Action item: Retype word for word the stretch of entries below from the line that has "Answer: އިތުރު ޕުރޮޖެކްޓްތައް" through the line that has "Antwoord: Bestuursrecht", and omit the pictures.

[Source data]
──────────────────────────────

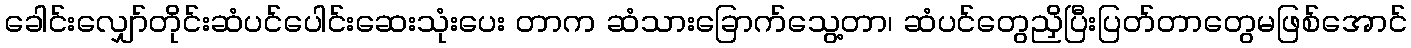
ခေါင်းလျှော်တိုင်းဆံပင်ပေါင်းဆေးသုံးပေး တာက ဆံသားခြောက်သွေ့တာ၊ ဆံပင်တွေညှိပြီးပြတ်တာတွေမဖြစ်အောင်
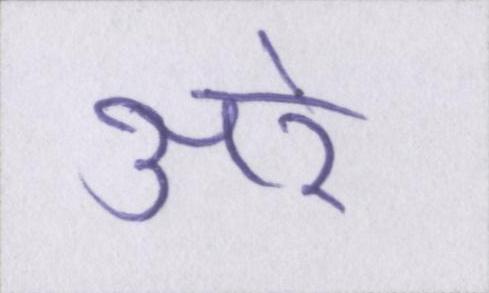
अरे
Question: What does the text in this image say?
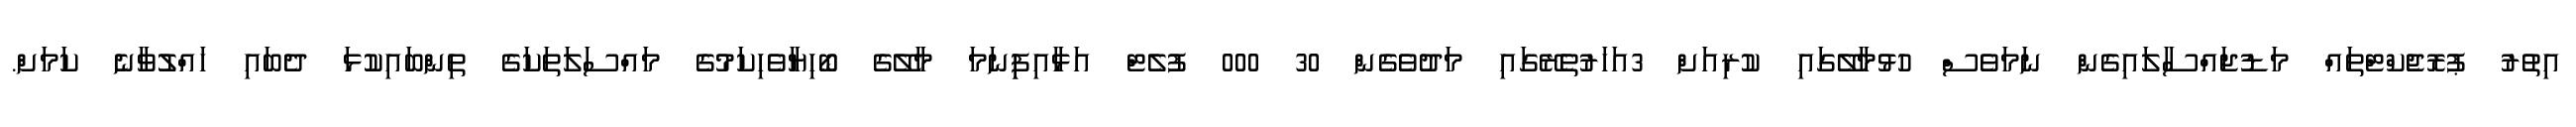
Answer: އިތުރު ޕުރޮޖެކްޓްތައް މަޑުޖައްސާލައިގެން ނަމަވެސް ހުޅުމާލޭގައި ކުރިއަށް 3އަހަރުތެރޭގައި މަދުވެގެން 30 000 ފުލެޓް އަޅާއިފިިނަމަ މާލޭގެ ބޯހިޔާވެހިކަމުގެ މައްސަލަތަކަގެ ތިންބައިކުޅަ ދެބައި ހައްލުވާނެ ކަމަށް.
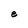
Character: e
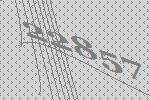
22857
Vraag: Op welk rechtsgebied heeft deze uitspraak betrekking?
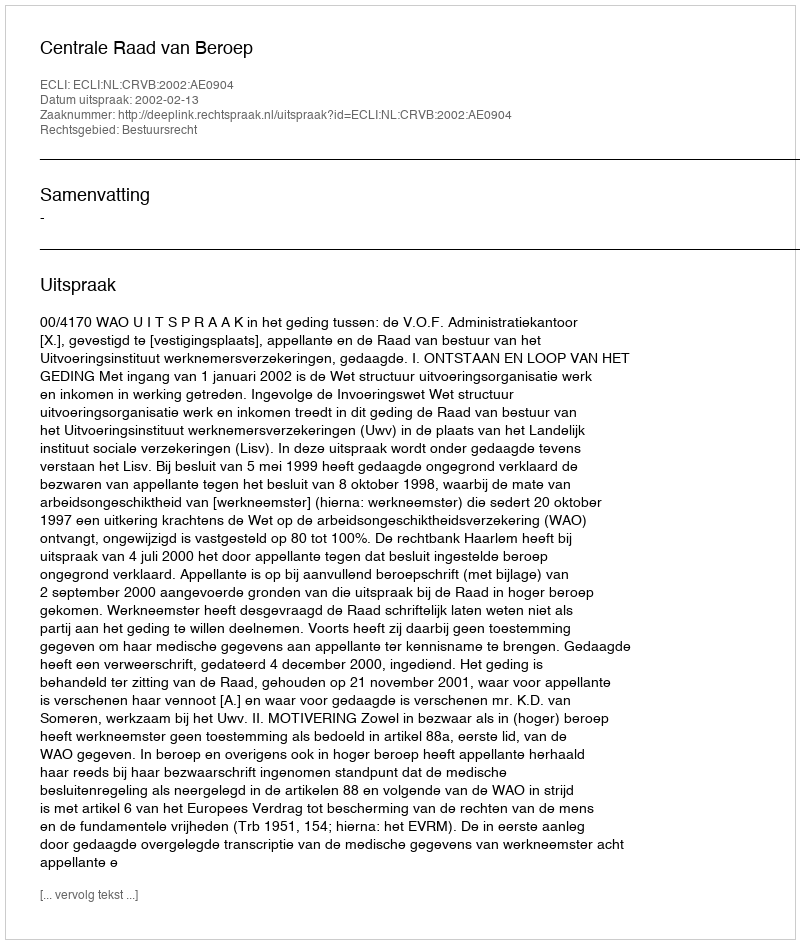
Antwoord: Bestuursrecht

──────────────────────────────

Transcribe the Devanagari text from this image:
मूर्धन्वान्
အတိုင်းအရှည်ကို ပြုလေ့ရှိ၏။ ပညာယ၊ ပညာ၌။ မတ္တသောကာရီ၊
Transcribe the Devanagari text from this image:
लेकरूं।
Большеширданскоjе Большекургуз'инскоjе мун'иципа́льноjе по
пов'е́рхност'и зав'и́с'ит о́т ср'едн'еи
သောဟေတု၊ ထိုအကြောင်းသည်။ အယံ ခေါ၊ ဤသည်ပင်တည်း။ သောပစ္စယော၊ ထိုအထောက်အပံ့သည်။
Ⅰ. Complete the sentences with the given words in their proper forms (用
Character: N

──────────────────────────────

Finished task:
Answer: އިތުރު ޕުރޮޖެކްޓްތައް މަޑުޖައްސާލައިގެން ނަމަވެސް ހުޅުމާލޭގައި ކުރިއަށް 3އަހަރުތެރޭގައި މަދުވެގެން 30 000 ފުލެޓް އަޅާއިފިިނަމަ މާލޭގެ ބޯހިޔާވެހިކަމުގެ މައްސަލަތަކަގެ ތިންބައިކުޅަ ދެބައި ހައްލުވާނެ ކަމަށް.
Character: e
22857
Vraag: Op welk rechtsgebied heeft deze uitspraak betrekking?
Antwoord: Bestuursrecht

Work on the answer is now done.